Dataset records:
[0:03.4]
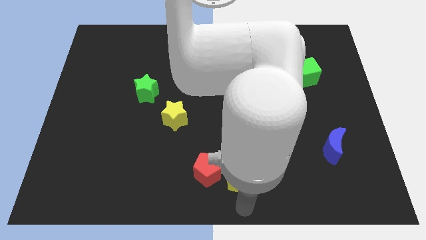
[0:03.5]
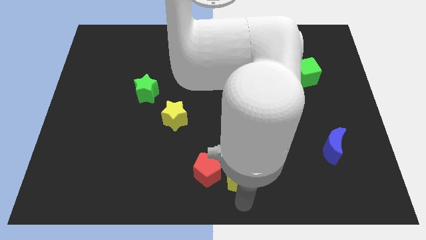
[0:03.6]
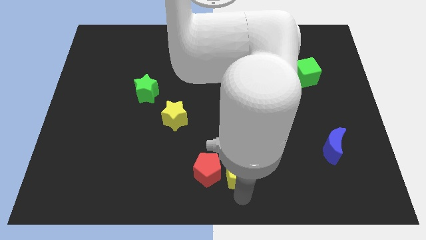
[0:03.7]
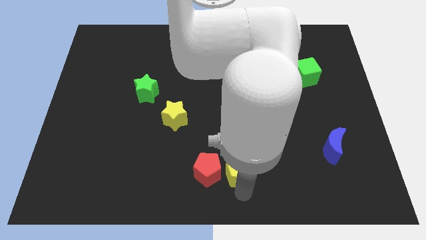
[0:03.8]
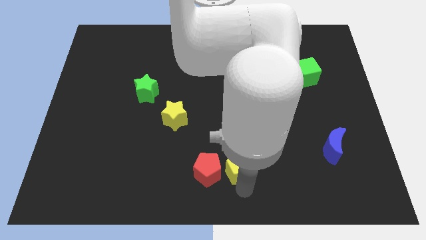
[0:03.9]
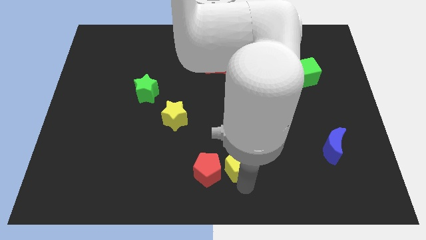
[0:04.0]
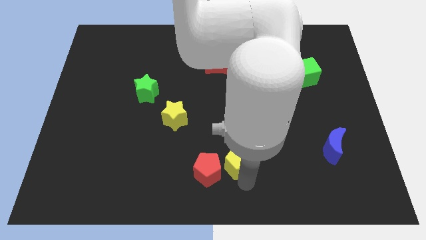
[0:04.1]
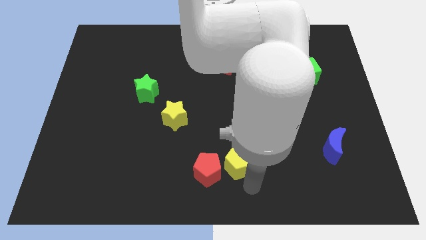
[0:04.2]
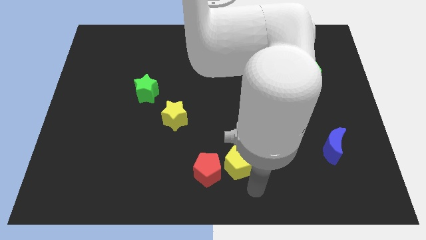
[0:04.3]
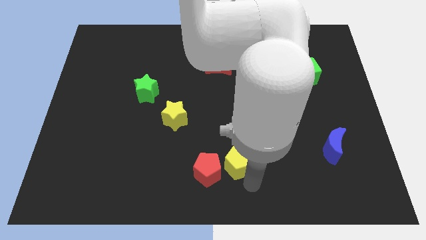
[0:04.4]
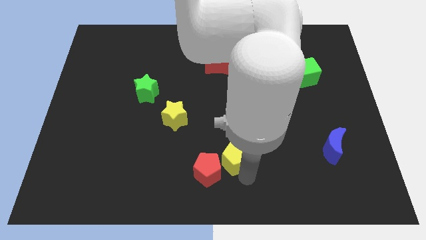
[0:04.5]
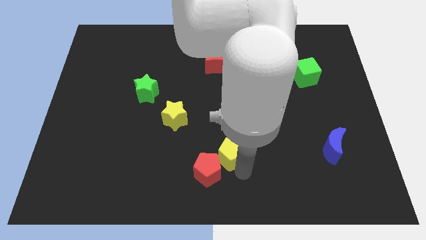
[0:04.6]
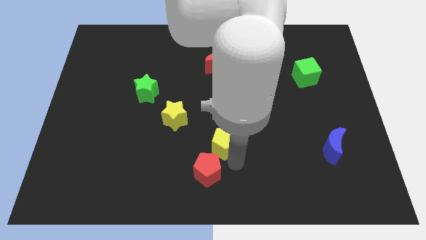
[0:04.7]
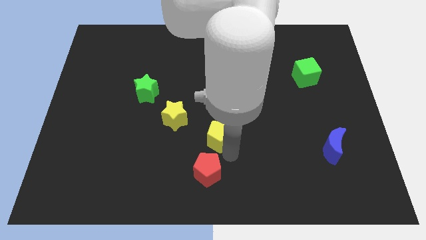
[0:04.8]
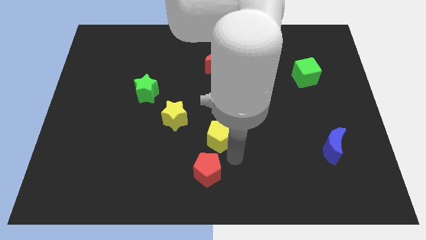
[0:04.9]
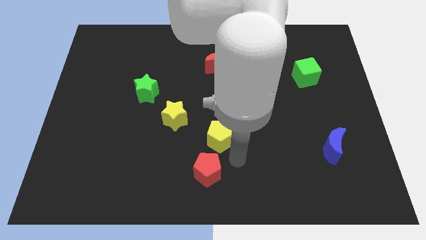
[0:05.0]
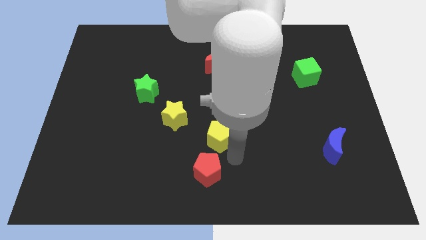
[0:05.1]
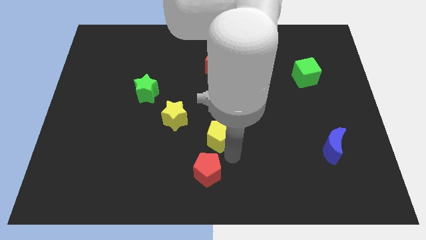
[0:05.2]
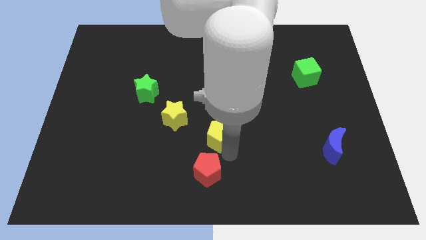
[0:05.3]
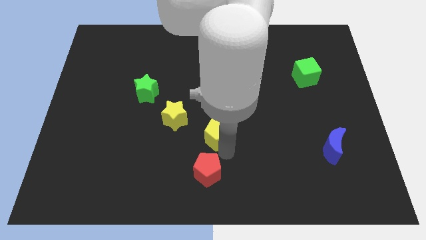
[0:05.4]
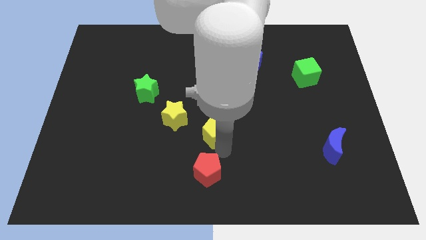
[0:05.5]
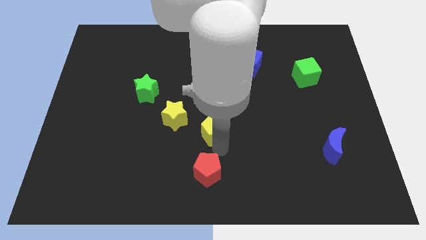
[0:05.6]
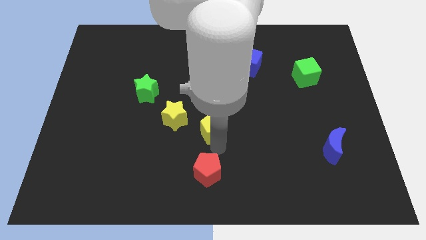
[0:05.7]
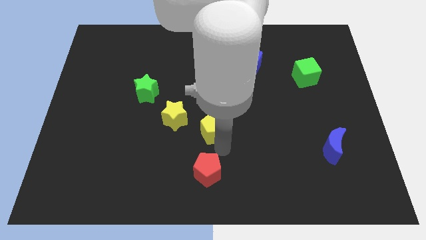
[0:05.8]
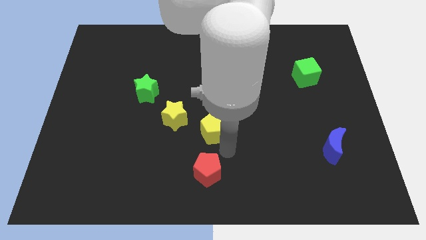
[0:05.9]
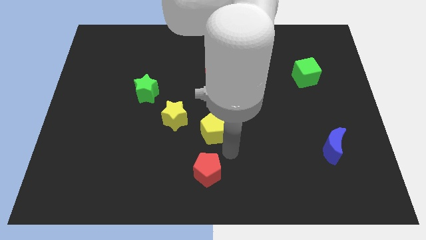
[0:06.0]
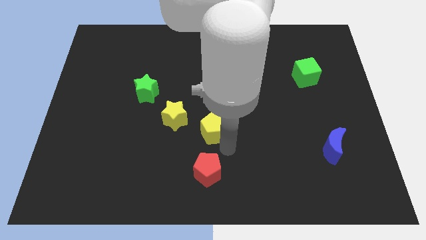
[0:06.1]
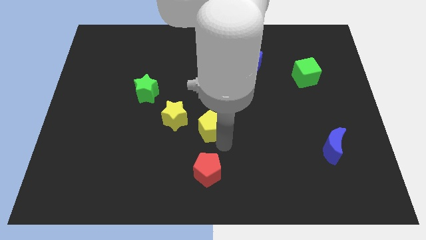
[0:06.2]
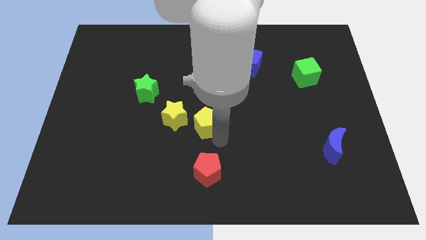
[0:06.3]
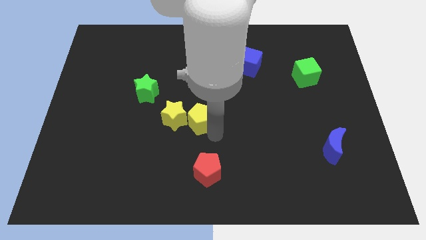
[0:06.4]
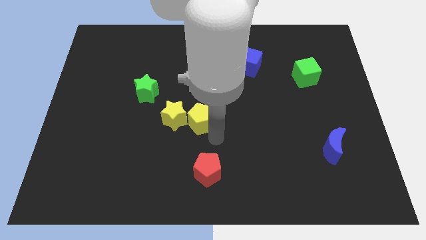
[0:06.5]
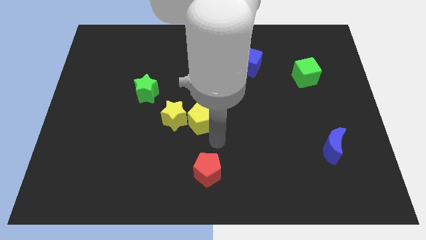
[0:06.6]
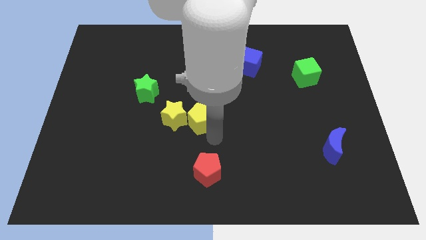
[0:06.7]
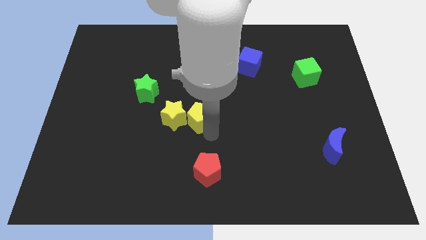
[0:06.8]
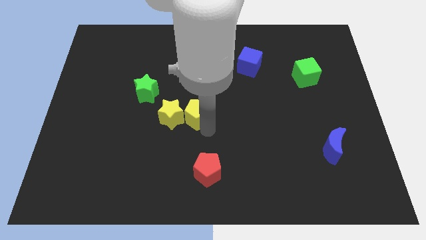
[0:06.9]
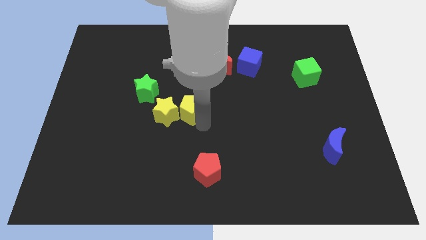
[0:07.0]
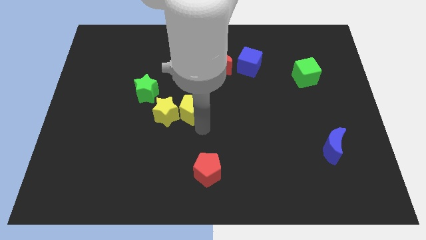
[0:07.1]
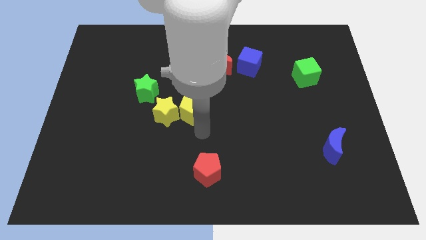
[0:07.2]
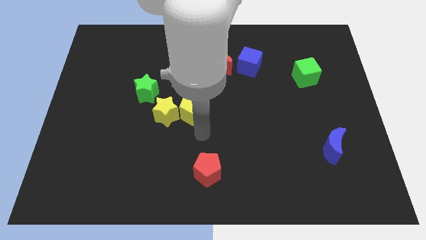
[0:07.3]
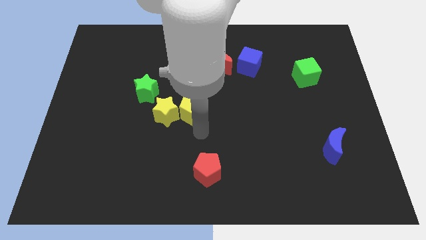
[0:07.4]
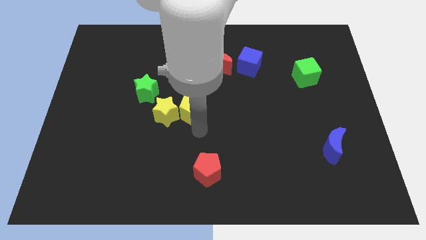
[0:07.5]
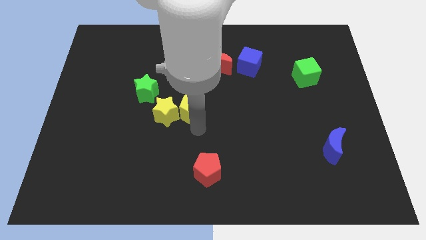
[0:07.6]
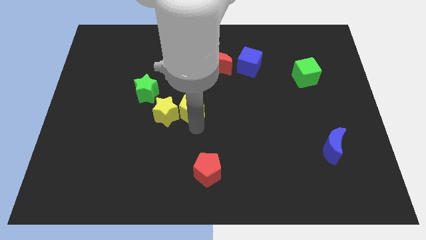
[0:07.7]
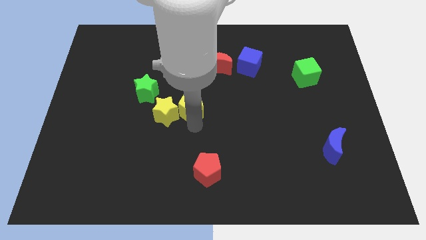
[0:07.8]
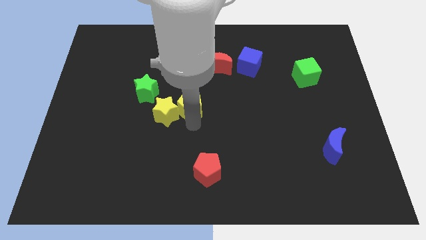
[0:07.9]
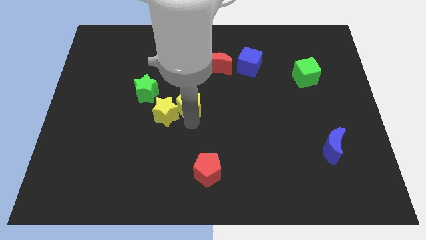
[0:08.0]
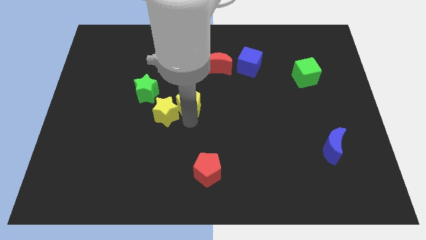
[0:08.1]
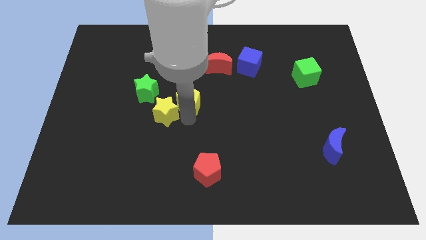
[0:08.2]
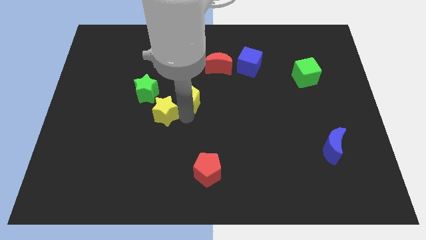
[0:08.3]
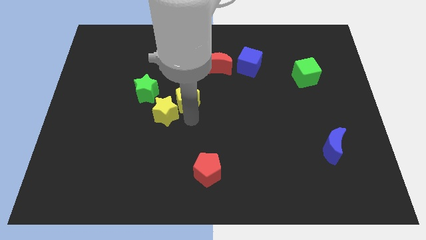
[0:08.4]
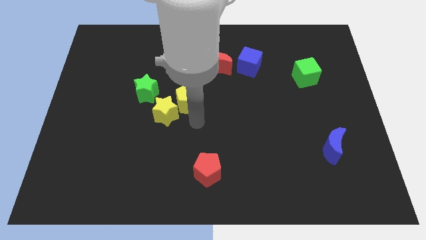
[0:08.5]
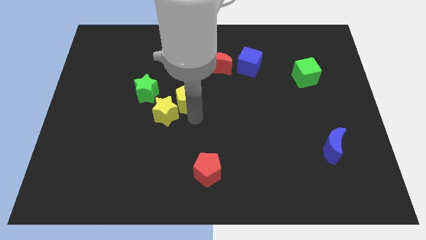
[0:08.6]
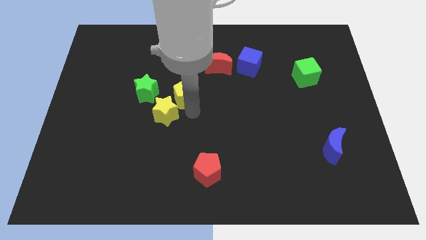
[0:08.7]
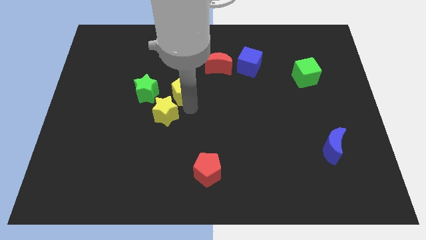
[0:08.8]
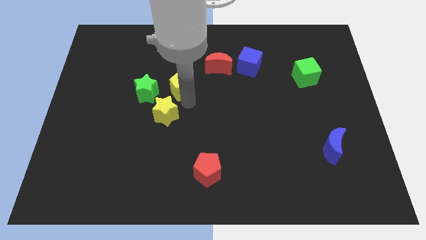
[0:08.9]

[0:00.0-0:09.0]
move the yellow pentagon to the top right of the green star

• **The problem**: Only the text of the records is to be reproduced exactly; skip the pictures.

• **Problem solution**:
[0:03.4]
[0:03.5]
[0:03.6]
[0:03.7]
[0:03.8]
[0:03.9]
[0:04.0]
[0:04.1]
[0:04.2]
[0:04.3]
[0:04.4]
[0:04.5]
[0:04.6]
[0:04.7]
[0:04.8]
[0:04.9]
[0:05.0]
[0:05.1]
[0:05.2]
[0:05.3]
[0:05.4]
[0:05.5]
[0:05.6]
[0:05.7]
[0:05.8]
[0:05.9]
[0:06.0]
[0:06.1]
[0:06.2]
[0:06.3]
[0:06.4]
[0:06.5]
[0:06.6]
[0:06.7]
[0:06.8]
[0:06.9]
[0:07.0]
[0:07.1]
[0:07.2]
[0:07.3]
[0:07.4]
[0:07.5]
[0:07.6]
[0:07.7]
[0:07.8]
[0:07.9]
[0:08.0]
[0:08.1]
[0:08.2]
[0:08.3]
[0:08.4]
[0:08.5]
[0:08.6]
[0:08.7]
[0:08.8]
[0:08.9]

[0:00.0-0:09.0]
move the yellow pentagon to the top right of the green star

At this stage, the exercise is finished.